В Татьяне словно что-то осеклось, надломилось, рухнуло, она не плакала, хотя старухи, пришедшие к ней в дом, говорили: «Ты, Татьян, слезам выход дай, ослобонись, не копи их в себе. Худое это дело — копить слёзы, так сердце можно надорвать, не заметишь, как без него останешься». Татьяна Глазачева молча крутила головою, не соглашаясь со старухами, и бледнела лицом. Хоть и считалась Татьяна непутевой молодайкой, и любила чужих мужиков, а уважение к собственному мужу всё же сохранила.

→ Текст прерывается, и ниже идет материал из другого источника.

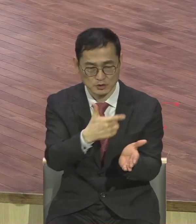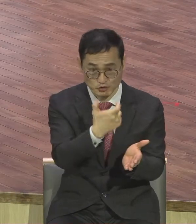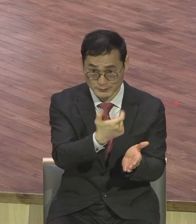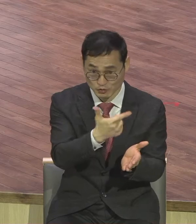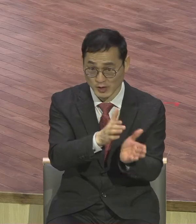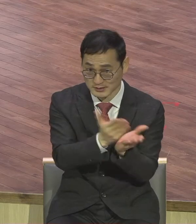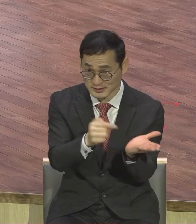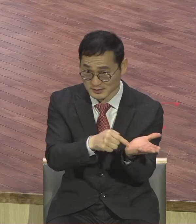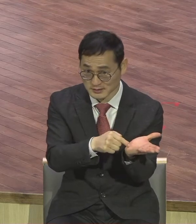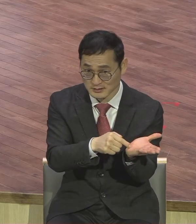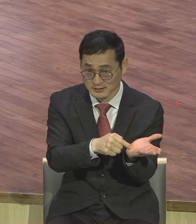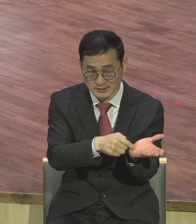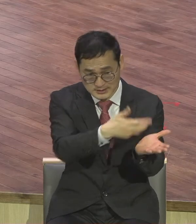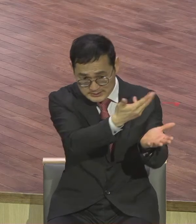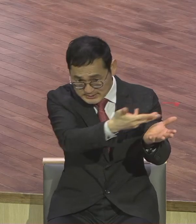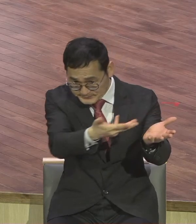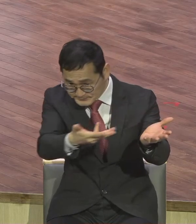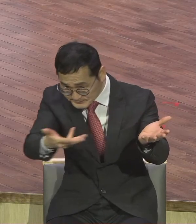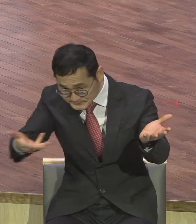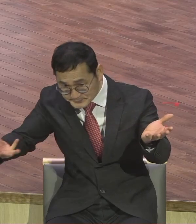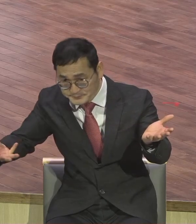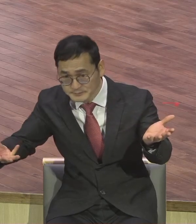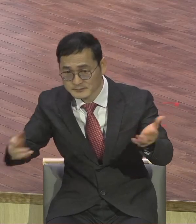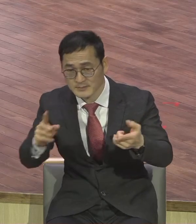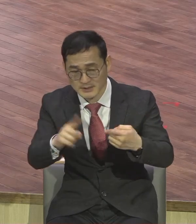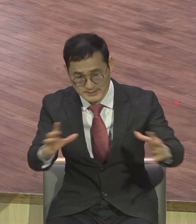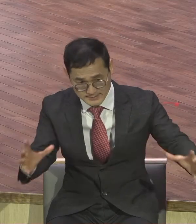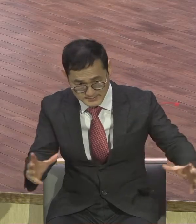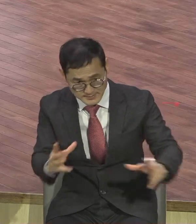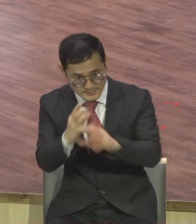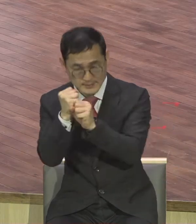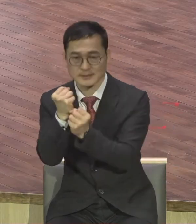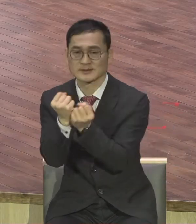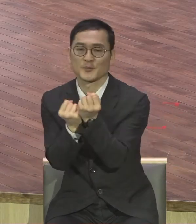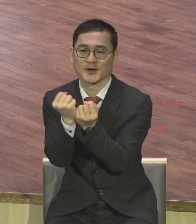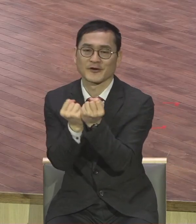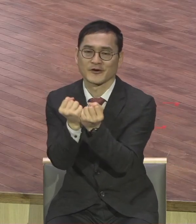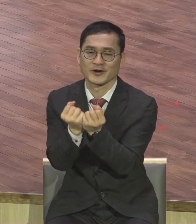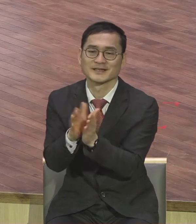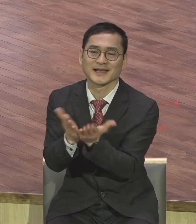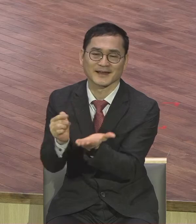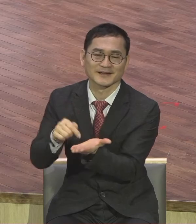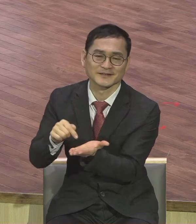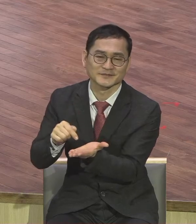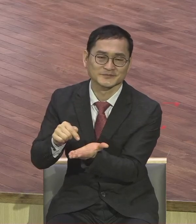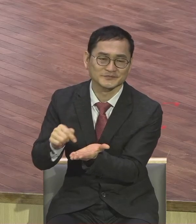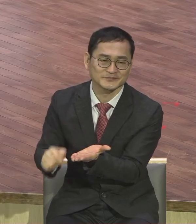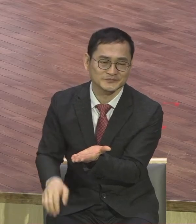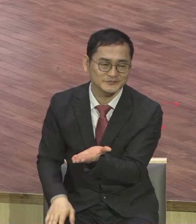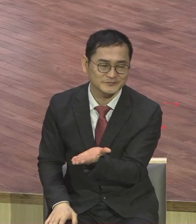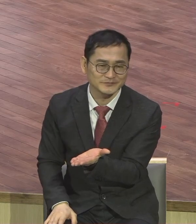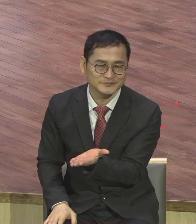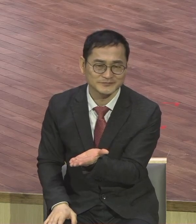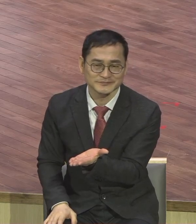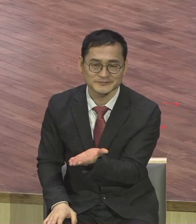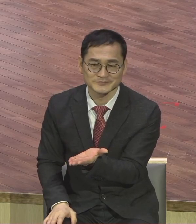은약의 흐름을 다 볼 수 있도록 만들어놨어요 딱 한 권이에요 한 권 66군은 엄청 두껍지만은 여러분 딱 한 권

Прослышав о худой вести, к Татьяне примчалась Клава Овчинникова, села рядом, пригорюнилась. Среди старух, что успокаивали Татьяну, шёпоток возник:
— Жаль девок-то. Глянь-ко, какие красивые, баские, а красота эта понапрасну пропадает. Засохнут девки без парней, постареют. Видать, бобылками суждено им быть.
— Ничего, может, скоро ребята с фронта вернутся.
— Где уж там вернутся, раз похоронки пошли.
— Новые парни подрастут.
— И им воевать придётся. Чёрные дни настали. Ох, чёрные…
Прошла неделя, и вдруг в Никитовке объявилась молодая пара: он и она. Он — стройный, в телогрейке, подпоясанный брючным ремнём, в клетчатой модной кепке, в каких до войны ходили ударники труда, с гармошкой, закинутой через плечо, незнакомый, — в общем, одетый так, как в Никитовке и не одевались, а она — красивая, разряженная девка, в которой не сразу и узнаешь Татьяну Глазачеву, лицо бледное, исхудавшее, губы яркие, глаза тоже яркие, горький синий огонь в них горит.
Они молча прошли Никитовку насквозь, из одного конца в другой, потом развернулись, парень сбросил гармошку с плеча, взял в руки и понеслись над деревней тихие незамысловатые переборы — мелодия была хоть и простой, но до боли всем знакомой, хватала за живое, многие поколения никитовских девчат и парней исполняли под неё частушки. И насторожилась, замерла деревня, следя за тем, что же сейчас произойдёт.